How to Use Gsub() in R – With Examples

Need to selectively replace multiple occurrences of a text within an R string? Never fear, the R gsub () function is here! This souped up version of the sub() function doesn’t just stop at the first instance of the string you want to replace. It gets them ALLLL…..

So when you want to utterly sanitize an entire string full of data, clearing out every instance of heretical thought, gsub in r is your go-to solution…

How To Use gsub () in R

The basic syntax of gsub in r:.

gsub(search_term, replacement_term, string_searched, ignore.case = FALSE, perl = FALSE, fixed = FALSE, useBytes = FALSE)

Breaking down the components:

  • The search term – can be a text fragment or a regular expression.
  • Replacement term – usually a text fragment
  • String searched – must be a string
  • Ignore case – allows you to ignore case when searching
  • Perl – ability to use perl regular expressions
  • Fixed – option which forces the sub function to treat the search term as a string, overriding any other instructions (useful when a search string can also be interpreted as a regular expression.

A working code example – gsub in r with basic text:

# gsub in R
> base <- "Diogenes the cynic searched Athens for an honest man."
> gsub("an honest man", "himself", base)
[1] "Diogenes the cynic searched Athens for himself."

GSub in R – Regular Expressions

R’s gsub() function can work with regular expressions.
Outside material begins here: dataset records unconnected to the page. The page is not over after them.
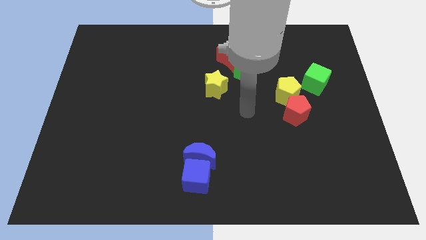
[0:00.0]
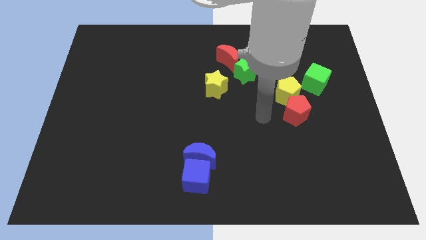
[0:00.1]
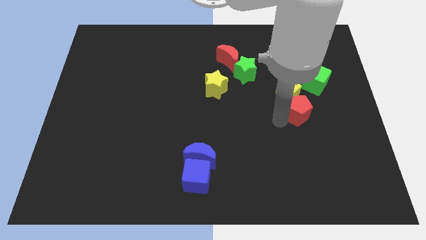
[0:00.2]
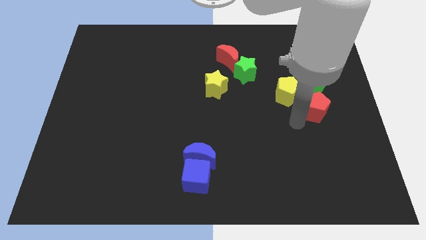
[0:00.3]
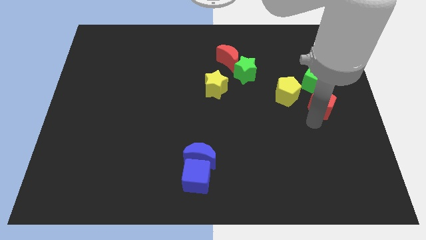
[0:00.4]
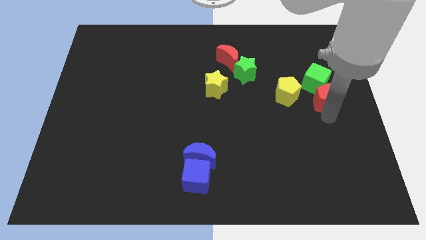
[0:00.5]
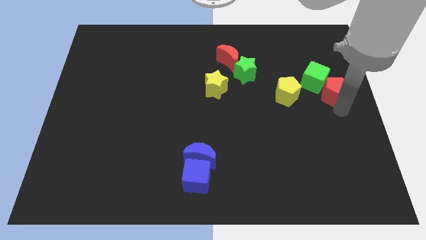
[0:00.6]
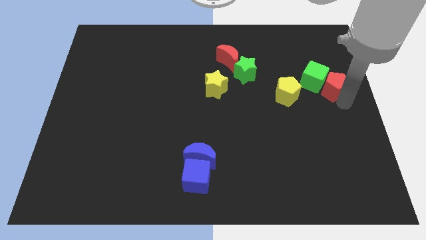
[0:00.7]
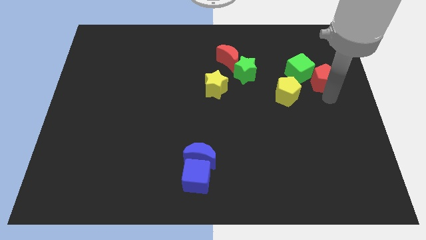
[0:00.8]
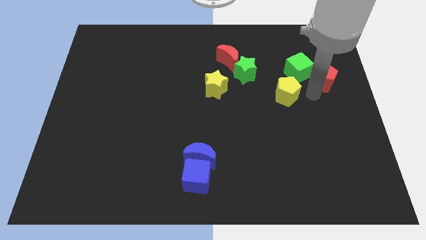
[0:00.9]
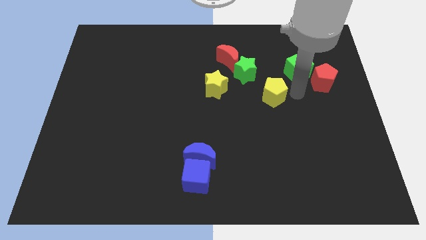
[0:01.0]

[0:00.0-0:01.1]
move the red pentagon to the right side of green square

Here’s an example of this below, where we are going to remove all of the punctuation from a phone number.

# gsub in R - regular expressions
> phone <-"(206) 555 - 1212"
> gsub("[[:punct:][:blank:]]","",phone)
[1] "2065551212"

As you can see, that phone number got a lot skinnier in a hurry! It will also now fit neatly in a numeric field within a database, which is a much easier way to store and manage this type of information.

Sub in R – Searching for patterns

You can use regular expressions to look for more advanced patterns. In the example below, we’re going to grab the first sequence of 1 – 3 n’s and replace them with a star (not harming any additional n’s in excess of that amount).

# sub in r - regular expression pattern matching
> base <- "bnnnnnannannasplit"
> gsub("n{1,3}","*",base)
[1] "b**a*a*asplit"

As you can see, it tagged multiple subsets of n’s – far more than the original version of this example in our tutorial on sub.

Sub in R – Finding Alternative Matches

Sometimes what you’re looking for may involve more than one thing. In the example below, we want to adjust a pet specific text (dog, cat, etc.) to refer the companion animal as a more generic “pet”. We use the | operator within a regular expression to set this up.

# sub in r - regular expression for alternatives
> base <- "I love my dog even though it may annoy with my cat"
> gsub("dog|cat|hamster|goat|pig","pet", base)
[1] "I love my pet even though it may annoy with my pet"

Mission accomplished, although the final results may look a little bit weird. The original version (sub tutorial) reads a bit better. In any event, this regex syntax allows you to sweep through a line of text and replace multiple words.